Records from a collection
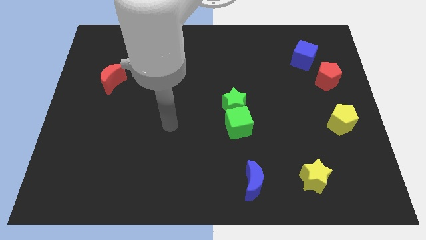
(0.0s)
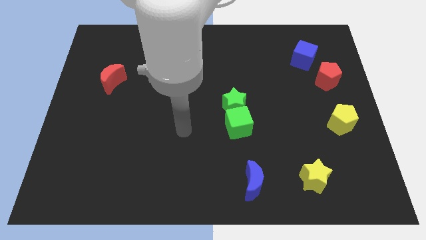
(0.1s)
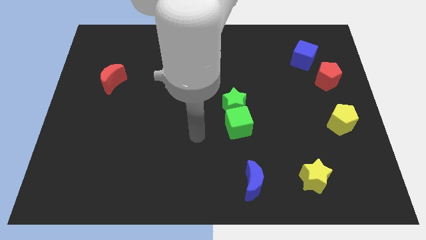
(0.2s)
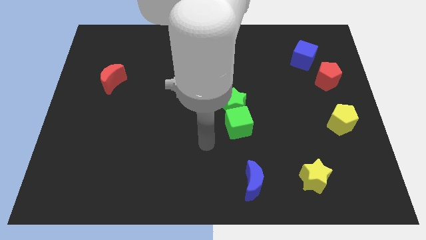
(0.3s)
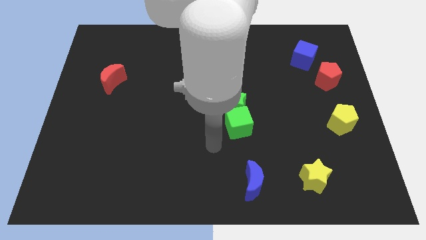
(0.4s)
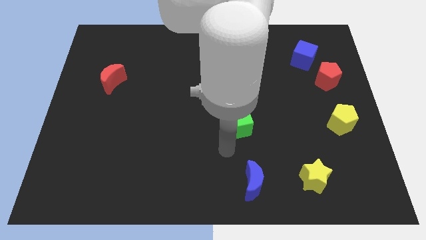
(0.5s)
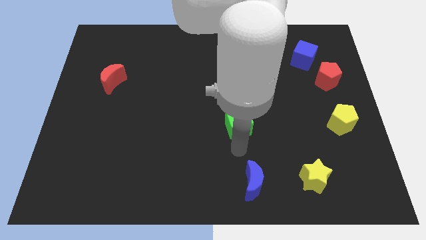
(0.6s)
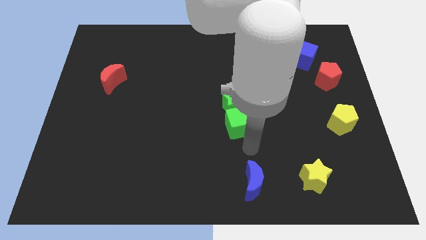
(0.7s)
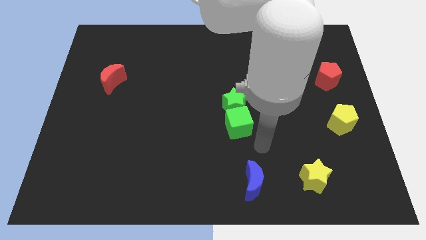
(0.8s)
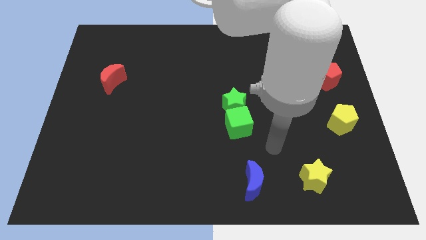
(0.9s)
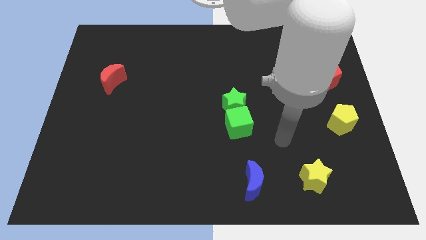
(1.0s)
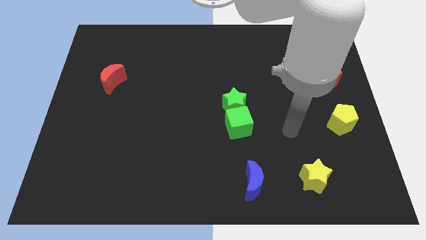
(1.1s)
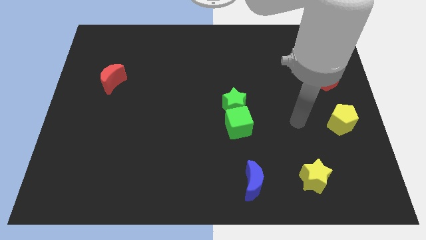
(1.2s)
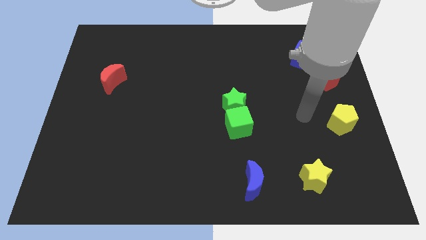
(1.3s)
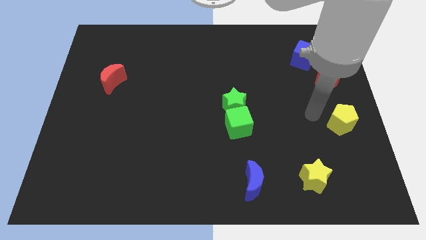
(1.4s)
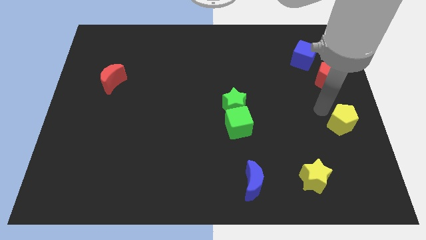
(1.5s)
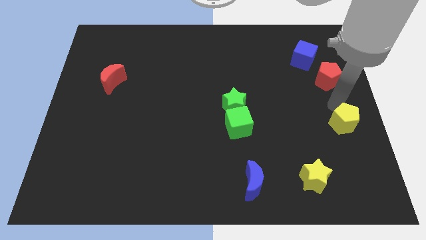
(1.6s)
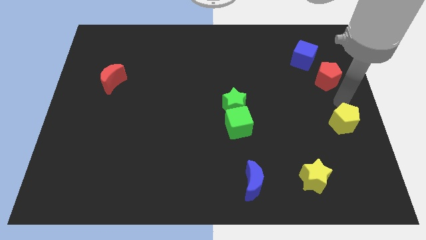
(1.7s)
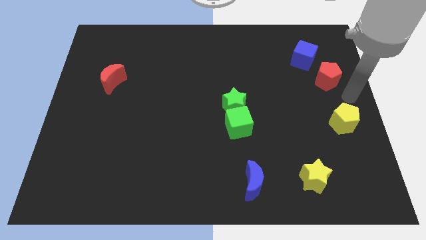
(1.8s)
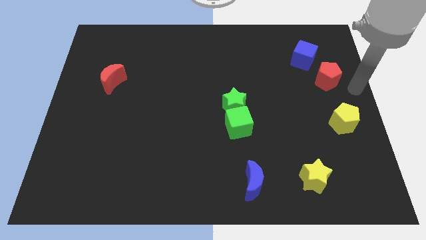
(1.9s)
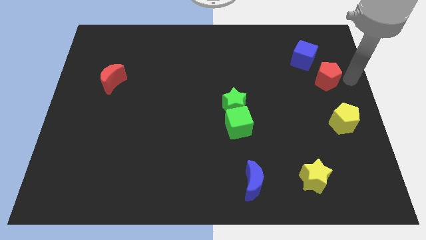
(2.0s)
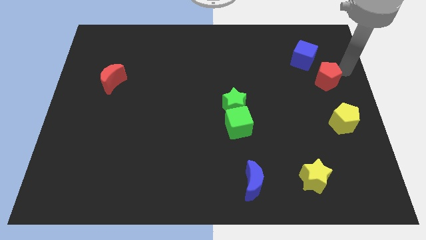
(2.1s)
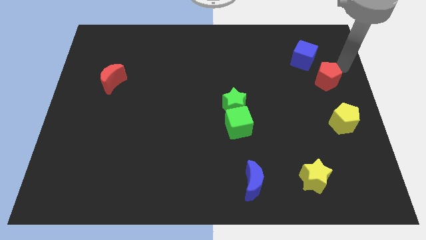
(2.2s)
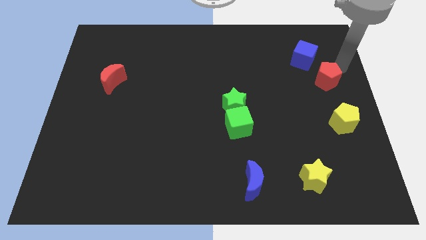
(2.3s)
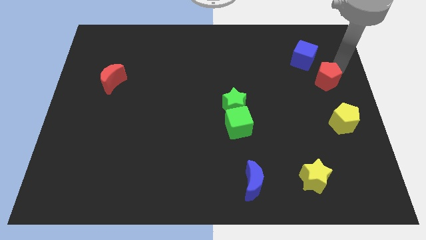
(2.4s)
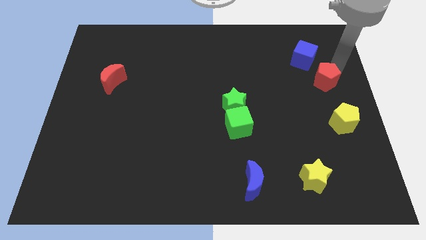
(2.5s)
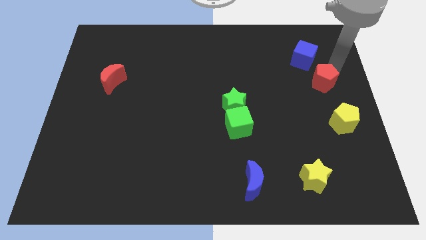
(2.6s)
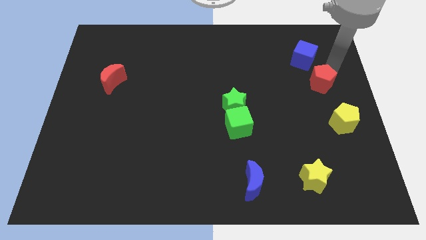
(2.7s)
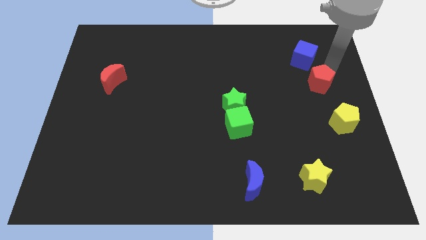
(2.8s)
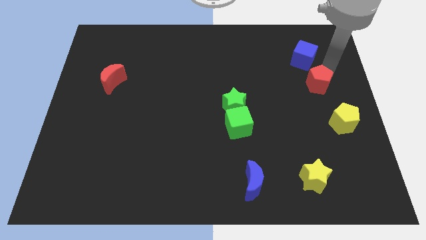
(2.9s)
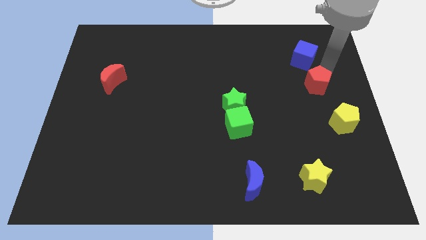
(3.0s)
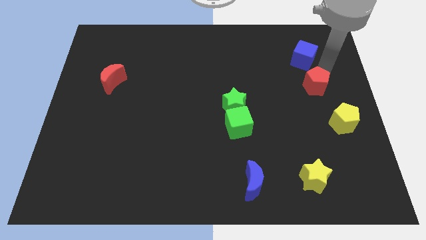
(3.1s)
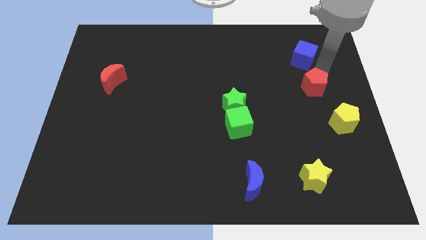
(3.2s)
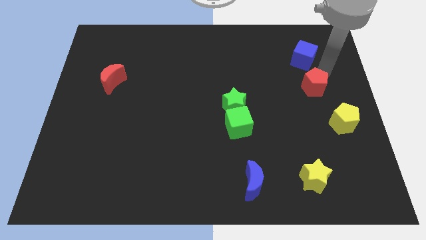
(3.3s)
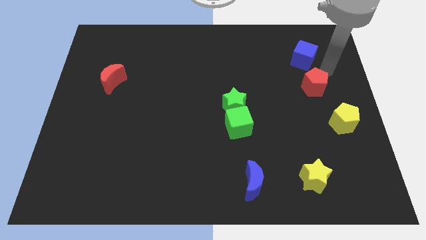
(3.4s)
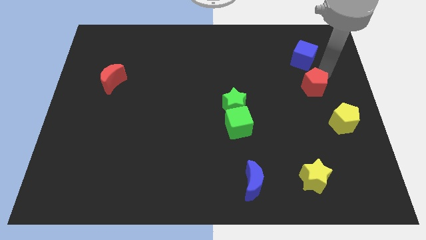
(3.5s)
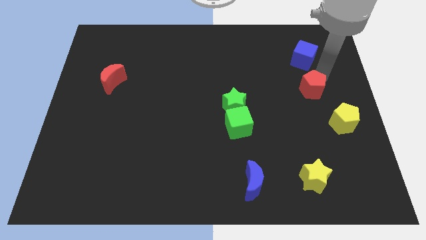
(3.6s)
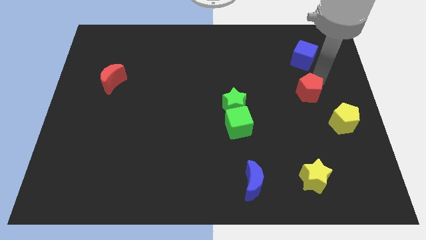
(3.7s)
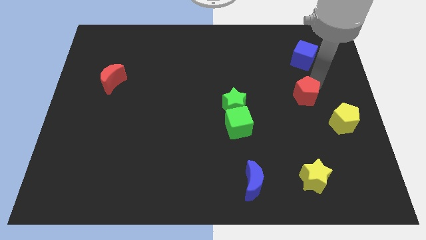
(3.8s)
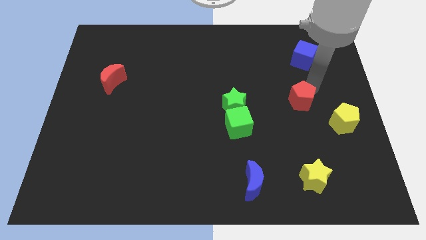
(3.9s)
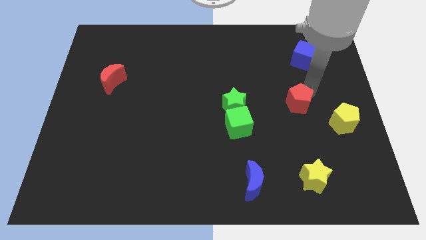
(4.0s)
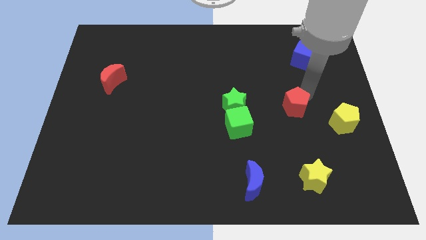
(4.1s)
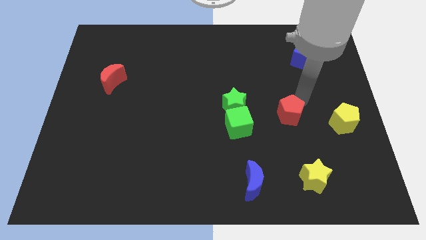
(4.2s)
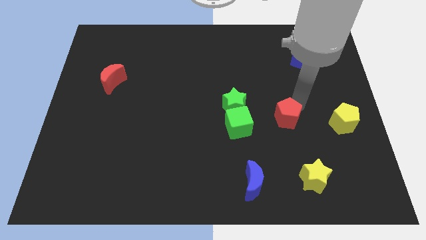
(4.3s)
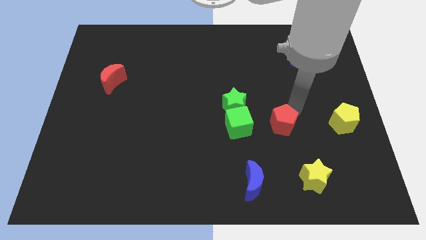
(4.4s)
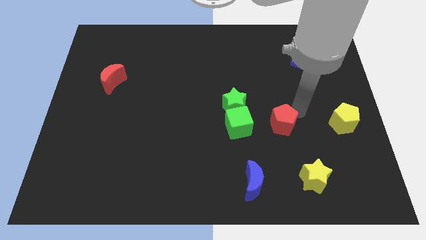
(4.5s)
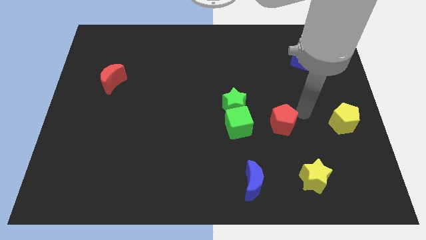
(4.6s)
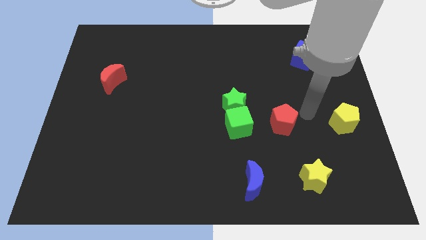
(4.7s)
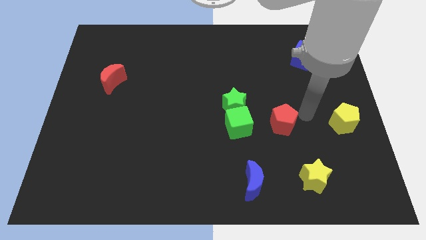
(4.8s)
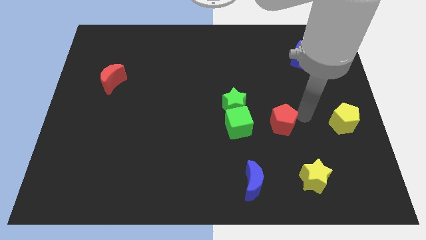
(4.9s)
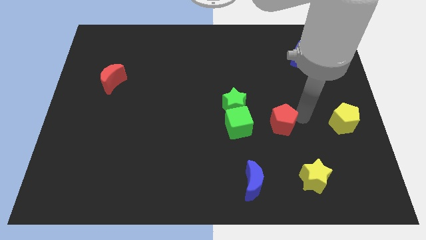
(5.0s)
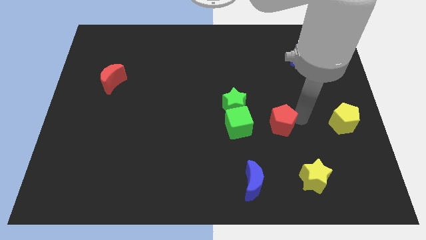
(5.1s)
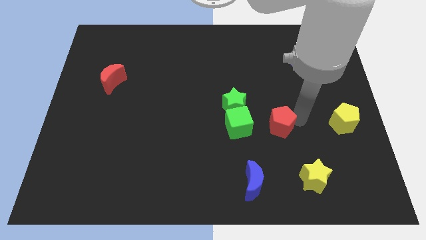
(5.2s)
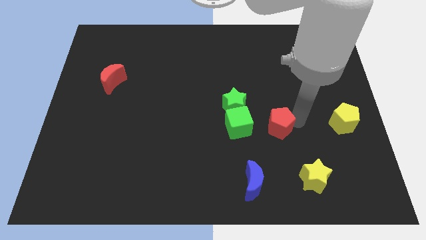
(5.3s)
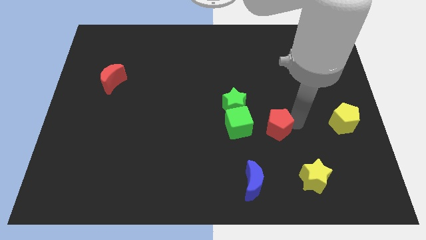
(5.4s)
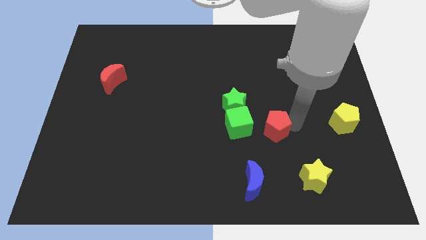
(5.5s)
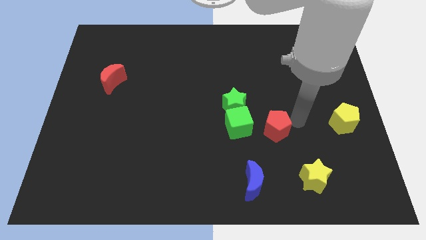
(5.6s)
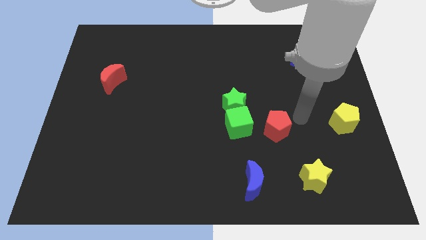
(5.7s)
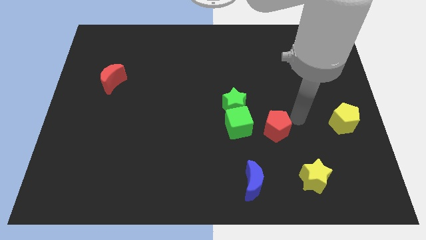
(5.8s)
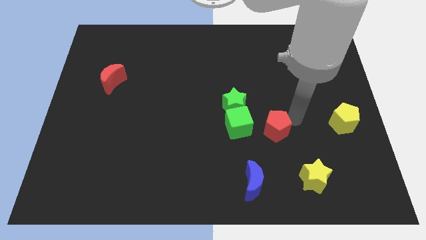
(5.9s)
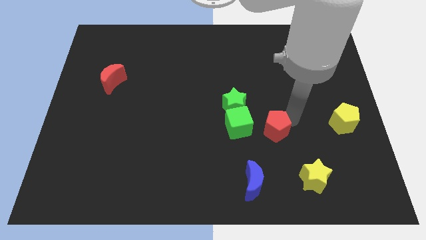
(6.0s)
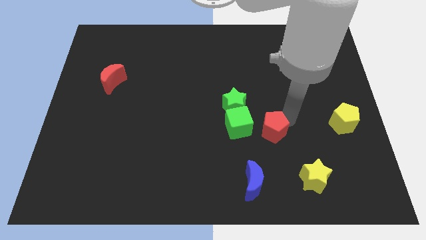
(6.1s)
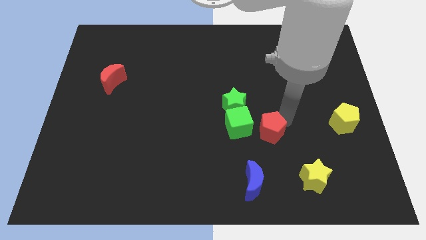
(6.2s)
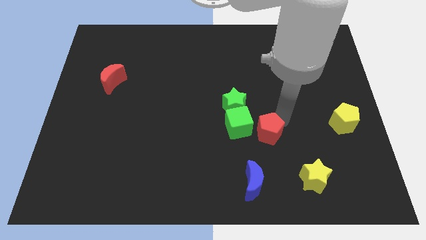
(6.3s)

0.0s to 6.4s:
push the red pentagon above the blue moon

• **WORK INSTRUCTIONS**:
Reproduce every line above exactly, pictures excluded.

• **OUTPUT BELOW**:
(0.0s)
(0.1s)
(0.2s)
(0.3s)
(0.4s)
(0.5s)
(0.6s)
(0.7s)
(0.8s)
(0.9s)
(1.0s)
(1.1s)
(1.2s)
(1.3s)
(1.4s)
(1.5s)
(1.6s)
(1.7s)
(1.8s)
(1.9s)
(2.0s)
(2.1s)
(2.2s)
(2.3s)
(2.4s)
(2.5s)
(2.6s)
(2.7s)
(2.8s)
(2.9s)
(3.0s)
(3.1s)
(3.2s)
(3.3s)
(3.4s)
(3.5s)
(3.6s)
(3.7s)
(3.8s)
(3.9s)
(4.0s)
(4.1s)
(4.2s)
(4.3s)
(4.4s)
(4.5s)
(4.6s)
(4.7s)
(4.8s)
(4.9s)
(5.0s)
(5.1s)
(5.2s)
(5.3s)
(5.4s)
(5.5s)
(5.6s)
(5.7s)
(5.8s)
(5.9s)
(6.0s)
(6.1s)
(6.2s)
(6.3s)

0.0s to 6.4s:
push the red pentagon above the blue moon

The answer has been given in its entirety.